(Data excerpts)
◆ ◆ ◆ ◆

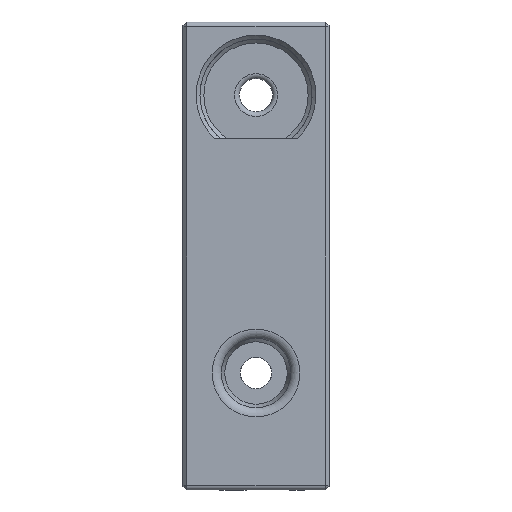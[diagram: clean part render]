
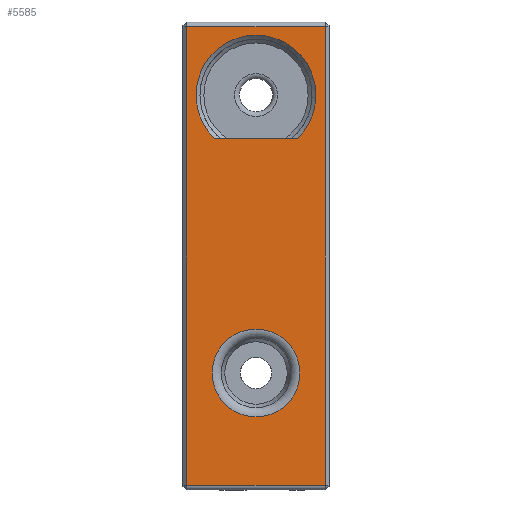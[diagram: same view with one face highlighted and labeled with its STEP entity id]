
A CAD part, front view. The second image highlights one B-rep face of the part: STEP entity #5585.
In plain terms, the highlighted planar face has unit normal (0, -1, 0).
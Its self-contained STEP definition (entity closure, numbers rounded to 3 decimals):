
#139=FACE_BOUND('',#977,.T.);
#140=FACE_BOUND('',#978,.T.);
#242=CIRCLE('',#5902,4.5);
#243=CIRCLE('',#5906,6.15);
#643=FACE_OUTER_BOUND('',#976,.T.);
#976=EDGE_LOOP('',(#4987,#4988,#4989,#4990));
#977=EDGE_LOOP('',(#4991,#4992));
#978=EDGE_LOOP('',(#4993));
#1387=LINE('',#11213,#1835);
#1389=LINE('',#11221,#1837);
#1416=LINE('',#11349,#1864);
#1417=LINE('',#11352,#1865);
#1418=LINE('',#11353,#1866);
#1835=VECTOR('',#6865,10.);
#1837=VECTOR('',#6869,1000.);
#1864=VECTOR('',#6948,10.);
#1865=VECTOR('',#6951,10.);
#1866=VECTOR('',#6952,10.);
#2647=VERTEX_POINT('',#11204);
#2648=VERTEX_POINT('',#11208);
#2649=VERTEX_POINT('',#11212);
#2650=VERTEX_POINT('',#11216);
#2651=VERTEX_POINT('',#11220);
#2672=VERTEX_POINT('',#11347);
#2673=VERTEX_POINT('',#11351);
#3416=EDGE_CURVE('',#2648,#2648,#242,.T.);
#3417=EDGE_CURVE('',#2647,#2649,#1387,.T.);
#3420=EDGE_CURVE('',#2651,#2650,#1389,.T.);
#3422=EDGE_CURVE('',#2650,#2651,#243,.T.);
#3461=EDGE_CURVE('',#2672,#2647,#1416,.T.);
#3462=EDGE_CURVE('',#2673,#2672,#1417,.T.);
#3463=EDGE_CURVE('',#2649,#2673,#1418,.T.);
#4987=ORIENTED_EDGE('',*,*,#3462,.F.);
#4988=ORIENTED_EDGE('',*,*,#3463,.F.);
#4989=ORIENTED_EDGE('',*,*,#3417,.F.);
#4990=ORIENTED_EDGE('',*,*,#3461,.F.);
#4991=ORIENTED_EDGE('',*,*,#3422,.T.);
#4992=ORIENTED_EDGE('',*,*,#3420,.T.);
#4993=ORIENTED_EDGE('',*,*,#3416,.F.);
#5286=PLANE('',#5931);
#5585=ADVANCED_FACE('',(#643,#139,#140),#5286,.F.);
#5902=AXIS2_PLACEMENT_3D('',#11210,#6861,#6862);
#5906=AXIS2_PLACEMENT_3D('',#11226,#6872,#6873);
#5931=AXIS2_PLACEMENT_3D('',#11350,#6949,#6950);
#6861=DIRECTION('center_axis',(0.,-1.,0.));
#6862=DIRECTION('ref_axis',(1.,0.,0.));
#6865=DIRECTION('',(0.,0.,1.));
#6869=DIRECTION('',(-1.,0.,0.));
#6872=DIRECTION('center_axis',(0.,1.,0.));
#6873=DIRECTION('ref_axis',(1.,0.,0.));
#6948=DIRECTION('',(-1.,0.,0.));
#6949=DIRECTION('center_axis',(0.,1.,0.));
#6950=DIRECTION('ref_axis',(1.,0.,0.));
#6951=DIRECTION('',(0.,0.,-1.));
#6952=DIRECTION('',(1.,0.,0.));
#11204=CARTESIAN_POINT('',(100.398,-121.,249.7));
#11208=CARTESIAN_POINT('',(107.498,-121.,265.7));
#11210=CARTESIAN_POINT('Origin',(107.498,-121.,261.2));
#11212=CARTESIAN_POINT('',(100.398,-121.,296.7));
#11213=CARTESIAN_POINT('',(100.398,-121.,196.984));
#11216=CARTESIAN_POINT('',(103.254,-121.,285.248));
#11220=CARTESIAN_POINT('',(111.741,-121.,285.248));
#11221=CARTESIAN_POINT('',(103.254,-121.,285.248));
#11226=CARTESIAN_POINT('Origin',(107.498,-121.,289.7));
#11347=CARTESIAN_POINT('',(114.598,-121.,249.7));
#11349=CARTESIAN_POINT('',(111.248,-121.,249.7));
#11350=CARTESIAN_POINT('Origin',(114.998,-121.,273.2));
#11351=CARTESIAN_POINT('',(114.598,-121.,296.7));
#11352=CARTESIAN_POINT('',(114.598,-121.,196.984));
#11353=CARTESIAN_POINT('',(107.998,-121.,296.7));

◆ ◆ ◆ ◆

(Directions for this task)
Retype the portion of the data above that starts on the line with "#5585=ADVANCED_FACE('',(#643,#139,#140),#5286,.F.);" and finishes on the line with "#11204=CARTESIAN_POINT('',(100.398,-121.,249.7));", including both of those lines.

(Solution to the exercise)
#5585=ADVANCED_FACE('',(#643,#139,#140),#5286,.F.);
#5902=AXIS2_PLACEMENT_3D('',#11210,#6861,#6862);
#5906=AXIS2_PLACEMENT_3D('',#11226,#6872,#6873);
#5931=AXIS2_PLACEMENT_3D('',#11350,#6949,#6950);
#6861=DIRECTION('center_axis',(0.,-1.,0.));
#6862=DIRECTION('ref_axis',(1.,0.,0.));
#6865=DIRECTION('',(0.,0.,1.));
#6869=DIRECTION('',(-1.,0.,0.));
#6872=DIRECTION('center_axis',(0.,1.,0.));
#6873=DIRECTION('ref_axis',(1.,0.,0.));
#6948=DIRECTION('',(-1.,0.,0.));
#6949=DIRECTION('center_axis',(0.,1.,0.));
#6950=DIRECTION('ref_axis',(1.,0.,0.));
#6951=DIRECTION('',(0.,0.,-1.));
#6952=DIRECTION('',(1.,0.,0.));
#11204=CARTESIAN_POINT('',(100.398,-121.,249.7));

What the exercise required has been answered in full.